• TASK PROMPT:
Scan the records for "structure". Report each line that includes it.

• PROVIDED RECORDS:
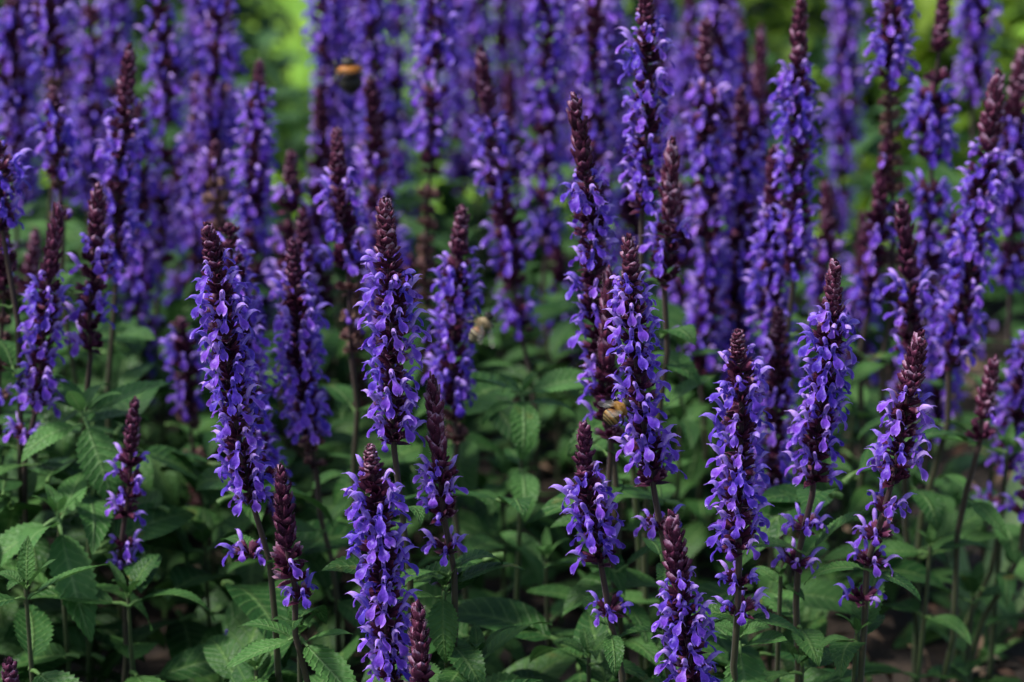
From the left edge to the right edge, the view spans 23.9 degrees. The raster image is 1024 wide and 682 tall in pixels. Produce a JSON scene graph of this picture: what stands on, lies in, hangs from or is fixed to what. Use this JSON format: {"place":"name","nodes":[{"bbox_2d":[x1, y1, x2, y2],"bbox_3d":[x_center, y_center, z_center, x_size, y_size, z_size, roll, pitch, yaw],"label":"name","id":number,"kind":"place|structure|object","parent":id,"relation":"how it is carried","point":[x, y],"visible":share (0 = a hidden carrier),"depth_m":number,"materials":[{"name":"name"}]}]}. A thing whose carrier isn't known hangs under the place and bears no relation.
{"place":"outdoors","nodes":[
{"label":"outdoors","id":0,"kind":"place"},
{"bbox_2d":[0,0,1023,240],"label":"lawn","id":1,"kind":"structure","parent":0,"point":[299,75],"depth_m":2.30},
{"bbox_2d":[1,0,310,125],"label":"shrub","id":2,"kind":"object","parent":1,"relation":"on","point":[250,11],"visible":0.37,"depth_m":2.08,"materials":[{"name":"green plant"}]},
{"bbox_2d":[420,0,877,186],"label":"shrub","id":3,"kind":"object","parent":1,"relation":"on","point":[818,43],"visible":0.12,"depth_m":1.89,"materials":[{"name":"green plant"}]},
{"bbox_2d":[606,0,1023,192],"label":"shrub","id":4,"kind":"object","parent":1,"relation":"on","point":[921,46],"visible":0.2,"depth_m":1.90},
{"bbox_2d":[702,0,1023,187],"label":"shrub","id":5,"kind":"object","parent":1,"relation":"on","point":[922,24],"visible":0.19,"depth_m":1.86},
{"bbox_2d":[1,223,1023,681],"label":"soil","id":6,"kind":"structure","parent":0,"point":[157,657],"depth_m":1.19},
{"bbox_2d":[0,226,46,664],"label":"salvia spike","id":7,"kind":"object","parent":6,"relation":"on","point":[8,612],"visible":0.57,"depth_m":0.99,"materials":[{"name":"purple plant"}]},
{"bbox_2d":[0,0,63,406],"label":"salvia spike","id":8,"kind":"object","parent":6,"relation":"on","point":[15,22],"visible":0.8,"depth_m":1.18,"materials":[{"name":"purple plant"}]},
{"bbox_2d":[0,201,84,604],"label":"salvia spike","id":9,"kind":"object","parent":6,"relation":"on","point":[41,384],"visible":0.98,"depth_m":0.95,"materials":[{"name":"purple plant"}]},
{"bbox_2d":[0,140,100,603],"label":"salvia spike","id":10,"kind":"object","parent":6,"relation":"on","point":[10,351],"visible":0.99,"depth_m":0.95,"materials":[{"name":"purple plant"}]},
{"bbox_2d":[0,536,109,681],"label":"leafy shoot","id":11,"kind":"object","parent":6,"relation":"on","point":[33,630],"visible":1,"depth_m":0.89,"materials":[{"name":"green plant"}]},
{"bbox_2d":[11,0,99,379],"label":"salvia spike","id":12,"kind":"object","parent":6,"relation":"on","point":[47,13],"visible":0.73,"depth_m":1.14,"materials":[{"name":"purple plant"}]},
{"bbox_2d":[38,0,86,301],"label":"salvia spike","id":13,"kind":"object","parent":6,"relation":"on","point":[66,88],"visible":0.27,"depth_m":1.43,"materials":[{"name":"purple plant"}]},
{"bbox_2d":[0,471,152,674],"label":"leafy shoot","id":14,"kind":"object","parent":6,"relation":"on","point":[66,552],"visible":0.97,"depth_m":0.93,"materials":[{"name":"green plant"}]},
{"bbox_2d":[34,0,118,376],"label":"salvia spike","id":15,"kind":"object","parent":6,"relation":"on","point":[91,115],"visible":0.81,"depth_m":1.25,"materials":[{"name":"purple plant"}]},
{"bbox_2d":[21,85,143,644],"bbox_3d":[-0.197,0.038,1.079,0.050,0.312,0.048,16,25,37],"label":"salvia spike","id":16,"kind":"object","parent":6,"relation":"on","point":[56,155],"visible":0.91,"depth_m":1.03,"materials":[{"name":"purple plant"}]},
{"bbox_2d":[51,181,139,681],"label":"salvia spike","id":17,"kind":"object","parent":6,"relation":"on","point":[91,299],"visible":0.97,"depth_m":0.96,"materials":[{"name":"purple plant"}]},
{"bbox_2d":[0,376,203,681],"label":"leafy shoot","id":18,"kind":"object","parent":6,"relation":"on","point":[96,449],"visible":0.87,"depth_m":0.95,"materials":[{"name":"green plant"}]},
{"bbox_2d":[81,0,135,362],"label":"salvia spike","id":19,"kind":"object","parent":6,"relation":"on","point":[122,7],"visible":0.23,"depth_m":1.38,"materials":[{"name":"purple plant"}]},
{"bbox_2d":[74,42,157,664],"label":"salvia spike","id":20,"kind":"object","parent":6,"relation":"on","point":[121,143],"visible":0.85,"depth_m":1.02,"materials":[{"name":"purple plant"}]},
{"bbox_2d":[30,554,215,681],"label":"leafy shoot","id":21,"kind":"object","parent":6,"relation":"on","point":[141,569],"visible":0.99,"depth_m":0.93,"materials":[{"name":"green plant"}]},
{"bbox_2d":[103,395,149,681],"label":"salvia spike","id":22,"kind":"object","parent":6,"relation":"on","point":[127,494],"visible":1,"depth_m":0.94,"materials":[{"name":"purple plant"}]},
{"bbox_2d":[109,101,171,504],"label":"salvia spike","id":23,"kind":"object","parent":6,"relation":"on","point":[140,280],"visible":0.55,"depth_m":1.17,"materials":[{"name":"purple plant"}]},
{"bbox_2d":[98,0,212,445],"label":"salvia spike","id":24,"kind":"object","parent":6,"relation":"on","point":[160,105],"visible":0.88,"depth_m":1.17,"materials":[{"name":"purple plant"}]},
{"bbox_2d":[159,316,218,624],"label":"salvia spike","id":25,"kind":"object","parent":6,"relation":"on","point":[181,350],"visible":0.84,"depth_m":1.09,"materials":[{"name":"purple plant"}]},
{"bbox_2d":[157,68,223,445],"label":"salvia spike","id":26,"kind":"object","parent":6,"relation":"on","point":[196,259],"visible":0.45,"depth_m":1.23,"materials":[{"name":"purple plant"}]},
{"bbox_2d":[143,0,249,415],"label":"salvia spike","id":27,"kind":"object","parent":6,"relation":"on","point":[215,69],"visible":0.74,"depth_m":1.19,"materials":[{"name":"purple plant"}]},
{"bbox_2d":[145,506,252,681],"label":"leafy shoot","id":28,"kind":"object","parent":6,"relation":"on","point":[242,521],"visible":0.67,"depth_m":1.01,"materials":[{"name":"green plant"}]},
{"bbox_2d":[189,140,267,565],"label":"salvia spike","id":29,"kind":"object","parent":6,"relation":"on","point":[213,157],"visible":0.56,"depth_m":1.08,"materials":[{"name":"purple plant"}]},
{"bbox_2d":[185,221,299,681],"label":"salvia spike","id":30,"kind":"object","parent":6,"relation":"on","point":[227,356],"visible":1,"depth_m":0.85,"materials":[{"name":"purple plant"}]},
{"bbox_2d":[220,59,302,517],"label":"salvia spike","id":31,"kind":"object","parent":6,"relation":"on","point":[255,171],"visible":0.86,"depth_m":1.12,"materials":[{"name":"purple plant"}]},
{"bbox_2d":[225,601,356,681],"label":"leafy shoot","id":32,"kind":"object","parent":6,"relation":"on","point":[326,663],"visible":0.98,"depth_m":0.87,"materials":[{"name":"green plant"}]},
{"bbox_2d":[217,222,369,674],"bbox_3d":[-0.088,0.087,0.987,0.067,0.282,0.038,3,20,9],"label":"salvia spike","id":33,"kind":"object","parent":6,"relation":"on","point":[232,241],"visible":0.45,"depth_m":0.96,"materials":[{"name":"purple plant"}]},
{"bbox_2d":[270,463,327,681],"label":"salvia spike","id":34,"kind":"object","parent":6,"relation":"on","point":[283,554],"visible":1,"depth_m":0.86,"materials":[{"name":"purple plant"}]},
{"bbox_2d":[263,149,338,542],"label":"salvia spike","id":35,"kind":"object","parent":6,"relation":"on","point":[291,192],"visible":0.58,"depth_m":1.11,"materials":[{"name":"purple plant"}]},
{"bbox_2d":[274,205,354,624],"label":"salvia spike","id":36,"kind":"object","parent":6,"relation":"on","point":[304,232],"visible":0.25,"depth_m":1.05,"materials":[{"name":"purple plant"}]},
{"bbox_2d":[276,83,354,507],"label":"salvia spike","id":37,"kind":"object","parent":6,"relation":"on","point":[315,166],"visible":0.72,"depth_m":1.21,"materials":[{"name":"purple plant"}]},
{"bbox_2d":[300,0,351,392],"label":"salvia spike","id":38,"kind":"object","parent":6,"relation":"on","point":[327,34],"visible":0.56,"depth_m":1.26,"materials":[{"name":"purple plant"}]},
{"bbox_2d":[265,236,402,657],"bbox_3d":[-0.075,0.087,1.000,0.062,0.273,0.048,0,20,0],"label":"salvia spike","id":39,"kind":"object","parent":6,"relation":"on","point":[305,344],"visible":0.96,"depth_m":0.97,"materials":[{"name":"purple plant"}]},
{"bbox_2d":[312,126,414,666],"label":"salvia spike","id":40,"kind":"object","parent":6,"relation":"on","point":[343,220],"visible":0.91,"depth_m":0.99,"materials":[{"name":"purple plant"}]},
{"bbox_2d":[316,0,413,385],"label":"salvia spike","id":41,"kind":"object","parent":6,"relation":"on","point":[372,22],"visible":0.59,"depth_m":1.24,"materials":[{"name":"purple plant"}]},
{"bbox_2d":[341,443,421,681],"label":"salvia spike","id":42,"kind":"object","parent":6,"relation":"on","point":[381,543],"visible":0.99,"depth_m":0.84,"materials":[{"name":"purple plant"}]},
{"bbox_2d":[331,74,445,483],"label":"salvia spike","id":43,"kind":"object","parent":6,"relation":"on","point":[373,146],"visible":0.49,"depth_m":1.10,"materials":[{"name":"purple plant"}]},
{"bbox_2d":[320,196,475,681],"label":"salvia spike","id":44,"kind":"object","parent":6,"relation":"on","point":[387,338],"visible":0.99,"depth_m":0.85,"materials":[{"name":"purple plant"}]},
{"bbox_2d":[378,0,418,258],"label":"salvia spike","id":45,"kind":"object","parent":6,"relation":"on","point":[397,81],"visible":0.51,"depth_m":1.39,"materials":[{"name":"purple plant"}]},
{"bbox_2d":[405,599,434,681],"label":"salvia spike","id":46,"kind":"object","parent":6,"relation":"on","point":[419,659],"visible":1,"depth_m":0.83,"materials":[{"name":"purple plant"}]},
{"bbox_2d":[404,0,463,556],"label":"salvia spike","id":47,"kind":"object","parent":6,"relation":"on","point":[436,51],"visible":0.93,"depth_m":1.13,"materials":[{"name":"purple plant"}]},
{"bbox_2d":[400,371,520,681],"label":"salvia spike","id":48,"kind":"object","parent":6,"relation":"on","point":[466,661],"visible":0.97,"depth_m":0.87,"materials":[{"name":"purple plant"}]},
{"bbox_2d":[397,558,523,668],"bbox_3d":[-0.020,0.167,0.911,0.051,0.185,0.024,-2,20,-5],"label":"leafy shoot","id":49,"kind":"object","parent":6,"relation":"on","point":[442,622],"visible":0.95,"depth_m":0.88,"materials":[{"name":"green plant"}]},
{"bbox_2d":[429,0,495,291],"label":"salvia spike","id":50,"kind":"object","parent":6,"relation":"on","point":[459,166],"visible":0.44,"depth_m":1.46,"materials":[{"name":"purple plant"}]},
{"bbox_2d":[432,0,503,362],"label":"salvia spike","id":51,"kind":"object","parent":6,"relation":"on","point":[476,17],"visible":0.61,"depth_m":1.41,"materials":[{"name":"purple plant"}]},
{"bbox_2d":[418,203,524,661],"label":"salvia spike","id":52,"kind":"object","parent":6,"relation":"on","point":[450,372],"visible":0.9,"depth_m":0.99,"materials":[{"name":"purple plant"}]},
{"bbox_2d":[430,453,555,600],"bbox_3d":[-0.004,0.117,1.107,0.068,0.142,0.060,-7,21,-18],"label":"leafy shoot","id":53,"kind":"object","parent":6,"relation":"on","point":[532,572],"visible":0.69,"depth_m":1.10,"materials":[{"name":"green plant"}]},
{"bbox_2d":[471,0,532,290],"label":"salvia spike","id":54,"kind":"object","parent":6,"relation":"on","point":[504,34],"visible":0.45,"depth_m":1.49,"materials":[{"name":"purple plant"}]},
{"bbox_2d":[484,62,530,401],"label":"salvia spike","id":55,"kind":"object","parent":6,"relation":"on","point":[509,99],"visible":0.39,"depth_m":1.34,"materials":[{"name":"purple plant"}]},
{"bbox_2d":[0,26,1023,681],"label":"foliage","id":56,"kind":"object","parent":6,"relation":"on","point":[198,650],"visible":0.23,"depth_m":1.11,"materials":[{"name":"green plant"}]},
{"bbox_2d":[469,45,564,623],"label":"salvia spike","id":57,"kind":"object","parent":6,"relation":"on","point":[515,314],"visible":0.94,"depth_m":1.08,"materials":[{"name":"purple plant"}]},
{"bbox_2d":[499,0,540,287],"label":"salvia spike","id":58,"kind":"object","parent":6,"relation":"on","point":[523,77],"visible":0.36,"depth_m":1.53,"materials":[{"name":"purple plant"}]},
{"bbox_2d":[467,367,597,665],"bbox_3d":[0.005,0.108,1.035,0.048,0.209,0.046,17,26,39],"label":"leafy shoot","id":59,"kind":"object","parent":6,"relation":"on","point":[524,422],"visible":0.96,"depth_m":1.00,"materials":[{"name":"green plant"}]},
{"bbox_2d":[493,526,585,646],"bbox_3d":[0.012,0.145,1.035,0.049,0.140,0.041,0,20,0],"label":"leafy shoot","id":60,"kind":"object","parent":6,"relation":"on","point":[531,546],"visible":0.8,"depth_m":1.02,"materials":[{"name":"green plant"}]},
{"bbox_2d":[503,0,592,484],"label":"salvia spike","id":61,"kind":"object","parent":6,"relation":"on","point":[551,116],"visible":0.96,"depth_m":1.21,"materials":[{"name":"purple plant"}]},
{"bbox_2d":[529,627,649,681],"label":"leafy shoot","id":62,"kind":"object","parent":6,"relation":"on","point":[575,648],"visible":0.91,"depth_m":0.92,"materials":[{"name":"green plant"}]},
{"bbox_2d":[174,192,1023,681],"bbox_3d":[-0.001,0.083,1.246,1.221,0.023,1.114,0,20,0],"label":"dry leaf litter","id":63,"kind":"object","parent":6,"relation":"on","point":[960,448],"visible":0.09,"depth_m":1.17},
{"bbox_2d":[557,0,657,531],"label":"salvia spike","id":64,"kind":"object","parent":6,"relation":"on","point":[597,40],"visible":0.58,"depth_m":1.15,"materials":[{"name":"purple plant"}]},
{"bbox_2d":[549,420,673,681],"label":"salvia spike","id":65,"kind":"object","parent":6,"relation":"on","point":[587,492],"visible":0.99,"depth_m":0.86,"materials":[{"name":"purple plant"}]},
{"bbox_2d":[544,264,683,679],"bbox_3d":[0.045,0.102,0.953,0.053,0.278,0.046,10,22,26],"label":"salvia spike","id":66,"kind":"object","parent":6,"relation":"on","point":[648,651],"visible":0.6,"depth_m":0.92,"materials":[{"name":"purple plant"}]},
{"bbox_2d":[549,92,683,679],"bbox_3d":[0.041,0.068,0.951,0.047,0.342,0.042,10,22,25],"label":"salvia spike","id":67,"kind":"object","parent":6,"relation":"on","point":[594,256],"visible":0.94,"depth_m":0.91,"materials":[{"name":"purple plant"}]},
{"bbox_2d":[596,0,664,350],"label":"salvia spike","id":68,"kind":"object","parent":6,"relation":"on","point":[613,31],"visible":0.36,"depth_m":1.43,"materials":[{"name":"purple plant"}]},
{"bbox_2d":[567,0,699,669],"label":"salvia spike","id":69,"kind":"object","parent":6,"relation":"on","point":[649,124],"visible":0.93,"depth_m":0.95,"materials":[{"name":"purple plant"}]},
{"bbox_2d":[611,91,655,481],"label":"salvia spike","id":70,"kind":"object","parent":6,"relation":"on","point":[626,209],"visible":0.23,"depth_m":1.23,"materials":[{"name":"purple plant"}]},
{"bbox_2d":[579,135,715,668],"bbox_3d":[0.054,0.070,0.984,0.049,0.315,0.055,12,23,29],"label":"salvia spike","id":71,"kind":"object","parent":6,"relation":"on","point":[663,259],"visible":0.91,"depth_m":0.95,"materials":[{"name":"purple plant"}]},
{"bbox_2d":[649,0,695,266],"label":"salvia spike","id":72,"kind":"object","parent":6,"relation":"on","point":[667,21],"visible":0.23,"depth_m":1.47,"materials":[{"name":"purple plant"}]},
{"bbox_2d":[602,233,752,681],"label":"salvia spike","id":73,"kind":"object","parent":6,"relation":"on","point":[633,310],"visible":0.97,"depth_m":0.85,"materials":[{"name":"purple plant"}]},
{"bbox_2d":[653,0,706,375],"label":"salvia spike","id":74,"kind":"object","parent":6,"relation":"on","point":[686,68],"visible":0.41,"depth_m":1.37,"materials":[{"name":"purple plant"}]},
{"bbox_2d":[639,181,722,502],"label":"salvia spike","id":75,"kind":"object","parent":6,"relation":"on","point":[678,291],"visible":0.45,"depth_m":1.21,"materials":[{"name":"purple plant"}]},
{"bbox_2d":[651,509,723,681],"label":"salvia spike","id":76,"kind":"object","parent":6,"relation":"on","point":[685,632],"visible":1,"depth_m":0.83,"materials":[{"name":"purple plant"}]},
{"bbox_2d":[650,15,748,580],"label":"salvia spike","id":77,"kind":"object","parent":6,"relation":"on","point":[708,197],"visible":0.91,"depth_m":1.09,"materials":[{"name":"purple plant"}]},
{"bbox_2d":[685,0,749,447],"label":"salvia spike","id":78,"kind":"object","parent":6,"relation":"on","point":[726,48],"visible":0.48,"depth_m":1.26,"materials":[{"name":"purple plant"}]},
{"bbox_2d":[682,84,769,584],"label":"salvia spike","id":79,"kind":"object","parent":6,"relation":"on","point":[740,231],"visible":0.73,"depth_m":1.10,"materials":[{"name":"purple plant"}]},
{"bbox_2d":[702,612,786,681],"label":"leafy shoot","id":80,"kind":"object","parent":6,"relation":"on","point":[749,669],"visible":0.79,"depth_m":0.87,"materials":[{"name":"green plant"}]},
{"bbox_2d":[691,328,803,681],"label":"salvia spike","id":81,"kind":"object","parent":6,"relation":"on","point":[742,406],"visible":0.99,"depth_m":0.84,"materials":[{"name":"purple plant"}]},
{"bbox_2d":[725,306,804,670],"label":"salvia spike","id":82,"kind":"object","parent":6,"relation":"on","point":[777,377],"visible":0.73,"depth_m":1.00,"materials":[{"name":"purple plant"}]},
{"bbox_2d":[714,144,826,645],"bbox_3d":[0.112,0.052,1.072,0.042,0.288,0.044,-19,27,-41],"label":"salvia spike","id":83,"kind":"object","parent":6,"relation":"on","point":[769,295],"visible":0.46,"depth_m":1.04,"materials":[{"name":"purple plant"}]},
{"bbox_2d":[735,22,809,357],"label":"salvia spike","id":84,"kind":"object","parent":6,"relation":"on","point":[761,113],"visible":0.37,"depth_m":1.23,"materials":[{"name":"purple plant"}]},
{"bbox_2d":[715,0,852,669],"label":"salvia spike","id":85,"kind":"object","parent":6,"relation":"on","point":[795,88],"visible":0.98,"depth_m":1.01,"materials":[{"name":"purple plant"}]},
{"bbox_2d":[742,258,884,681],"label":"salvia spike","id":86,"kind":"object","parent":6,"relation":"on","point":[820,421],"visible":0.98,"depth_m":0.88,"materials":[{"name":"purple plant"}]},
{"bbox_2d":[785,179,870,539],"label":"salvia spike","id":87,"kind":"object","parent":6,"relation":"on","point":[829,246],"visible":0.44,"depth_m":1.18,"materials":[{"name":"purple plant"}]},
{"bbox_2d":[798,0,870,372],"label":"salvia spike","id":88,"kind":"object","parent":6,"relation":"on","point":[846,42],"visible":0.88,"depth_m":1.33,"materials":[{"name":"purple plant"}]},
{"bbox_2d":[792,129,927,618],"bbox_3d":[0.158,0.042,1.103,0.042,0.287,0.052,-17,26,-38],"label":"salvia spike","id":89,"kind":"object","parent":6,"relation":"on","point":[868,288],"visible":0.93,"depth_m":1.07,"materials":[{"name":"purple plant"}]},
{"bbox_2d":[840,209,891,487],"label":"salvia spike","id":90,"kind":"object","parent":6,"relation":"on","point":[857,263],"visible":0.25,"depth_m":1.23,"materials":[{"name":"purple plant"}]},
{"bbox_2d":[804,328,939,681],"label":"salvia spike","id":91,"kind":"object","parent":6,"relation":"on","point":[867,597],"visible":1,"depth_m":0.87,"materials":[{"name":"purple plant"}]},
{"bbox_2d":[835,0,937,540],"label":"salvia spike","id":92,"kind":"object","parent":6,"relation":"on","point":[890,48],"visible":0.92,"depth_m":1.05,"materials":[{"name":"purple plant"}]},
{"bbox_2d":[821,197,983,681],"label":"salvia spike","id":93,"kind":"object","parent":6,"relation":"on","point":[929,503],"visible":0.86,"depth_m":0.98,"materials":[{"name":"purple plant"}]},
{"bbox_2d":[859,0,960,600],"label":"salvia spike","id":94,"kind":"object","parent":6,"relation":"on","point":[926,121],"visible":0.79,"depth_m":1.08,"materials":[{"name":"purple plant"}]},
{"bbox_2d":[851,522,990,681],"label":"leafy shoot","id":95,"kind":"object","parent":6,"relation":"on","point":[901,549],"visible":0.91,"depth_m":0.99,"materials":[{"name":"green plant"}]},
{"bbox_2d":[894,210,969,609],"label":"salvia spike","id":96,"kind":"object","parent":6,"relation":"on","point":[938,595],"visible":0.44,"depth_m":1.13,"materials":[{"name":"purple plant"}]},
{"bbox_2d":[853,68,1017,681],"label":"salvia spike","id":97,"kind":"object","parent":6,"relation":"on","point":[963,316],"visible":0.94,"depth_m":1.01,"materials":[{"name":"purple plant"}]},
{"bbox_2d":[895,0,1014,458],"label":"salvia spike","id":98,"kind":"object","parent":6,"relation":"on","point":[974,69],"visible":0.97,"depth_m":1.24,"materials":[{"name":"purple plant"}]},
{"bbox_2d":[913,561,1023,681],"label":"leafy shoot","id":99,"kind":"object","parent":6,"relation":"on","point":[972,583],"visible":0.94,"depth_m":1.02,"materials":[{"name":"green plant"}]},
{"bbox_2d":[937,354,1007,681],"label":"salvia spike","id":100,"kind":"object","parent":6,"relation":"on","point":[986,402],"visible":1,"depth_m":0.97,"materials":[{"name":"purple plant"}]},
{"bbox_2d":[925,330,1023,661],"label":"salvia spike","id":101,"kind":"object","parent":6,"relation":"on","point":[1013,412],"visible":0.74,"depth_m":1.06,"materials":[{"name":"purple plant"}]},
{"bbox_2d":[931,422,1023,680],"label":"leafy shoot","id":102,"kind":"object","parent":6,"relation":"on","point":[1010,543],"visible":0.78,"depth_m":1.03,"materials":[{"name":"green plant"}]},
{"bbox_2d":[939,45,1023,562],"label":"salvia spike","id":103,"kind":"object","parent":6,"relation":"on","point":[1012,142],"visible":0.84,"depth_m":1.12,"materials":[{"name":"purple plant"}]},
{"bbox_2d":[947,463,1023,644],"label":"leaves","id":104,"kind":"object","parent":6,"relation":"on","point":[1010,517],"visible":0.26,"depth_m":1.12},
{"bbox_2d":[968,438,1023,681],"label":"salvia spike","id":105,"kind":"object","parent":6,"relation":"on","point":[1007,581],"visible":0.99,"depth_m":1.02,"materials":[{"name":"purple plant"}]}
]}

• RESULT OF THIS EXERCISE:
From the left edge to the right edge, the view spans 23.9 degrees. The raster image is 1024 wide and 682 tall in pixels. Produce a JSON scene graph of this picture: what stands on, lies in, hangs from or is fixed to what. Use this JSON format: {"place":"name","nodes":[{"bbox_2d":[x1, y1, x2, y2],"bbox_3d":[x_center, y_center, z_center, x_size, y_size, z_size, roll, pitch, yaw],"label":"name","id":number,"kind":"place|structure|object","parent":id,"relation":"how it is carried","point":[x, y],"visible":share (0 = a hidden carrier),"depth_m":number,"materials":[{"name":"name"}]}]}. A thing whose carrier isn't known hangs under the place and bears no relation.
{"bbox_2d":[0,0,1023,240],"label":"lawn","id":1,"kind":"structure","parent":0,"point":[299,75],"depth_m":2.30},
{"bbox_2d":[1,223,1023,681],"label":"soil","id":6,"kind":"structure","parent":0,"point":[157,657],"depth_m":1.19},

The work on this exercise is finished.